About this task: The entries that follow should come back exactly, with no pictures among them.
++++ Information shown
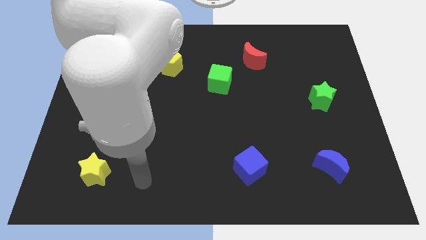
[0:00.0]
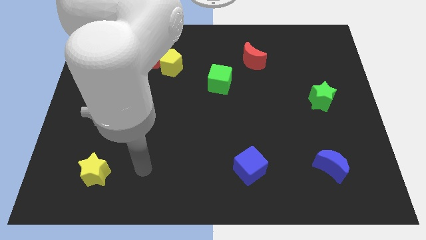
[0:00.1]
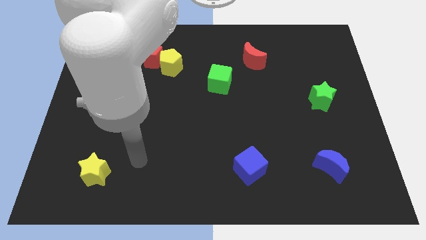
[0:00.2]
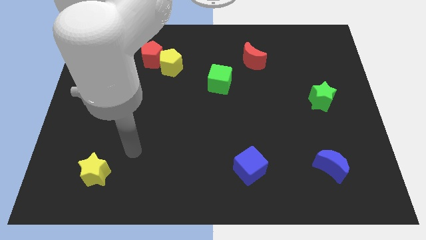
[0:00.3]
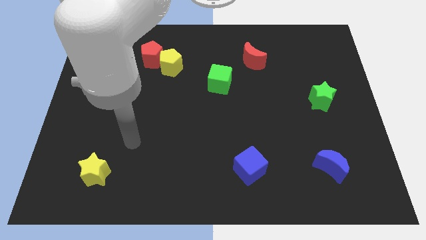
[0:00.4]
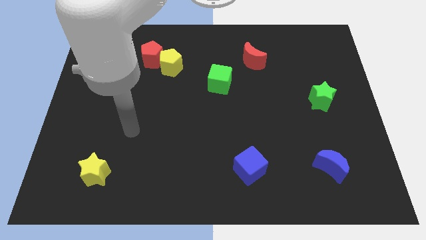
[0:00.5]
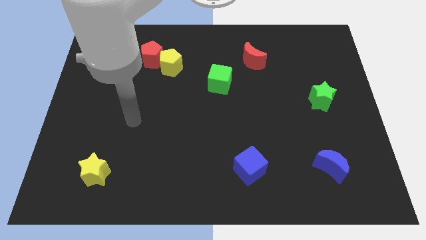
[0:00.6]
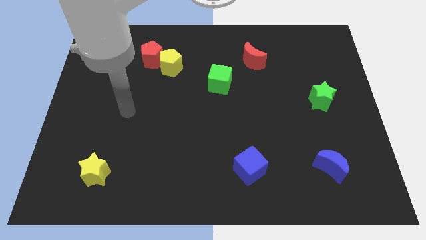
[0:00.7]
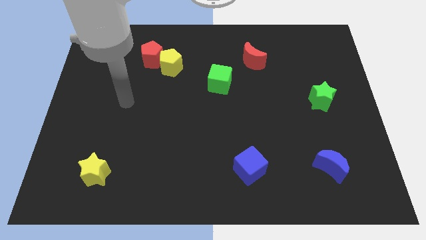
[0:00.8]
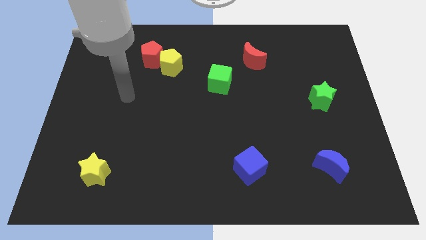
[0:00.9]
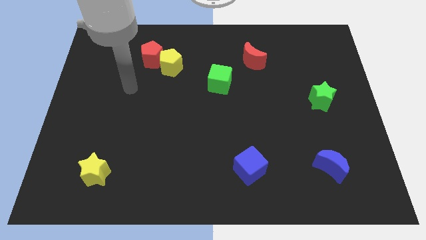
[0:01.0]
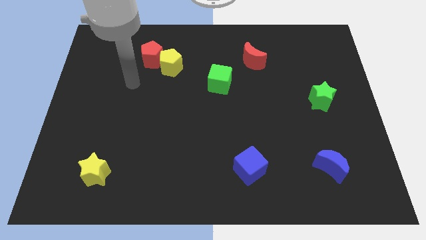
++++++++
Output below:
[0:00.0]
[0:00.1]
[0:00.2]
[0:00.3]
[0:00.4]
[0:00.5]
[0:00.6]
[0:00.7]
[0:00.8]
[0:00.9]
[0:01.0]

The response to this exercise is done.